Les échantillons étiquetés par un drapeau lors de la mesure WDF subissent une analyse réflexe, suite à quoi soit l’anomalie est classée plus en détail par un drapeau plus spécifique (par exemple « Blast? » ou « Abn Lympho? »), soit le drapeau est complètement supprimé.
Les échantillons dont l’analyse conduit à une suspicion de maladies hématologiques malignes telles que la LAM font l’objet d’une analyse plus spécialisée. Grâce à l’immunophénotypage par cytométrie en flux, les cellules suspectes sont caractérisées plus en détail en utilisant les marqueurs de surface et intracellulaires spécifiques de ces cellules. Un laboratoire moléculaire est capable d’évaluer des mutations spécifiques par des techniques cytogénétiques telles que l’hybridation in situ en fluorescence (FISH – Fluorescence In Situ Hybridisation) et le séquençage de nouvelle génération (NGS – Next-Generation Sequencing).
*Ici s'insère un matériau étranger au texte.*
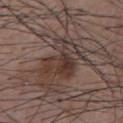Q: Is there a histopathology result?
A: catalogued during a skin exam; not biopsied
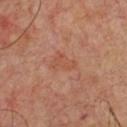Impression: This lesion was catalogued during total-body skin photography and was not selected for biopsy. Acquisition and patient details: On the chest. A 15 mm crop from a total-body photograph taken for skin-cancer surveillance. A male patient, aged 53 to 57.
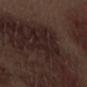follow-up: catalogued during a skin exam; not biopsied
location: the left forearm
imaging modality: ~15 mm crop, total-body skin-cancer survey
patient: male, aged around 70
lesion size: ≈6 mm
lighting: white-light illumination
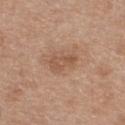{"biopsy_status": "not biopsied; imaged during a skin examination", "patient": {"sex": "female", "age_approx": 40}, "site": "back", "image": {"source": "total-body photography crop", "field_of_view_mm": 15}, "lighting": "white-light"}
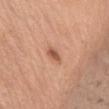The lesion was photographed on a routine skin check and not biopsied; there is no pathology result.
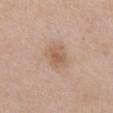<record>
  <biopsy_status>not biopsied; imaged during a skin examination</biopsy_status>
  <patient>
    <sex>female</sex>
    <age_approx>60</age_approx>
  </patient>
  <image>
    <source>total-body photography crop</source>
    <field_of_view_mm>15</field_of_view_mm>
  </image>
  <lighting>white-light</lighting>
  <lesion_size>
    <long_diameter_mm_approx>3.5</long_diameter_mm_approx>
  </lesion_size>
  <site>mid back</site>
</record>

L’inclusion de ces disciplines permet aux cliniciens de combiner les données de divers tests, ce qui conduit à une compréhension globale de l’état du patient et à l’identification d’une stratégie de traitement ciblée personnalisée et efficace.
Résultats de cas
Une patiente de 70 ans suivait plusieurs cycles de chimiothérapie et de radiothérapie pour un cancer bronchique non à petites cellules. Elle s’est présentée dans une clinique externe après avoir développé un malaise et une diminution marquée de ses capacités physiques. L’analyse sanguine sur un analyseur de la série XR a initialement révélé une anémie, une thrombocytopénie et une légère leucocytose (fig. 3).
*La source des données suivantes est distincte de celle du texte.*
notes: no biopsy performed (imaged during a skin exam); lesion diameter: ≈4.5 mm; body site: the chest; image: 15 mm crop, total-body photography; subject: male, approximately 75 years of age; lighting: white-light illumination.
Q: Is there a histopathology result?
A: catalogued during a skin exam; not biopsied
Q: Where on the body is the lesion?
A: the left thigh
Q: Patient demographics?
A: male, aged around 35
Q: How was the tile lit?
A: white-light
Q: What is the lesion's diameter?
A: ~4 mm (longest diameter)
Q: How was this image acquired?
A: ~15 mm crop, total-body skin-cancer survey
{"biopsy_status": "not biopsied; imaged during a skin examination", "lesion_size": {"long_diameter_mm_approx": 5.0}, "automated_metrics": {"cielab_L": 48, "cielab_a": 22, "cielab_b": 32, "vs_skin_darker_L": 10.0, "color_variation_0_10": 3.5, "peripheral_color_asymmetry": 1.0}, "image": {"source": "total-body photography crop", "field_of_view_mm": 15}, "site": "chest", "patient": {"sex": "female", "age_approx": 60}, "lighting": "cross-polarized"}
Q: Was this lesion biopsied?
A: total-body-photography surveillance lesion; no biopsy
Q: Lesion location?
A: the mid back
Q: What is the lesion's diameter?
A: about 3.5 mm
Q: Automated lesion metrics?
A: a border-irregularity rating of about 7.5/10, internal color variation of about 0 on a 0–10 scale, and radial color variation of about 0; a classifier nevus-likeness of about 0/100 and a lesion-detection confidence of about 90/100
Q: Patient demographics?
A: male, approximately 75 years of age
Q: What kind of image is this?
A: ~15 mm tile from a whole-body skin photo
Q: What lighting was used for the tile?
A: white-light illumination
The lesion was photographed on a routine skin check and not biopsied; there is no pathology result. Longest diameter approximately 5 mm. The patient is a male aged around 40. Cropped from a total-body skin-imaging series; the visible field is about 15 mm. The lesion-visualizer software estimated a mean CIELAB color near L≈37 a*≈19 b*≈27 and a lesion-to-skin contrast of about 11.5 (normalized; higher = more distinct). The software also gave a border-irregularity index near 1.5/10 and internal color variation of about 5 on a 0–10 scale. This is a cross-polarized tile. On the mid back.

Le drapeau « IG Present » a été déclenché dans le canal WDF. La numération des granulocytes immatures (IG) comprend les promyélocytes, les myélocytes et les métamyélocytes ; ce comptage est particulièrement pertinent chez les patients très sensibles aux infections en raison d’un système immunitaire affaibli, par exemple du fait d’une chimiothérapie. La présence de granulocytes immatures indique la gravité de la réponse immunitaire innée précoce.
De plus, l’analyseur a déclenché le drapeau « Blasts? » du canal WPC et le scattergramme correspondant a montré une présence accrue de cellules dans la zone des blastes (fig. 4). Ce résultat est révélateur de la présence de tumeurs malignes aiguës, telles qu’une leucémie myéloïde ou lymphoblastique.
Un examen du frottis a ensuite été effectué pour inspecter la morphologie des cellules et effectuer leur numération, révélant 75 % de cellules blastiques. L’immunophénotypage ultérieur au laboratoire clinique de cytométrie en flux a confirmé la suspicion de LAM.
Références
[1] Dong Y et al. (2020): Leukemia incidence trends at the global, regional, and national level between 1990 and 2017. Exp Hematol Oncol; 9:14.
[2] Pelcovits A et al. (2020): R I Med J; 103(3). Acute Myeloid Leukemia: A Review.
[3] Kayser S et al. (2023): The clinical impact of the molecular landscape of acute myeloid leukemia. Haematologica; 108(2):308–320.
[4] Khoury JD et al. (2022): The 5th edition of the World Health Organization Classification of Haematolymphoid Tumours: Myeloid and Histiocytic/Dendritic Neoplasms. Leukemia; 36(7), 1703–1719.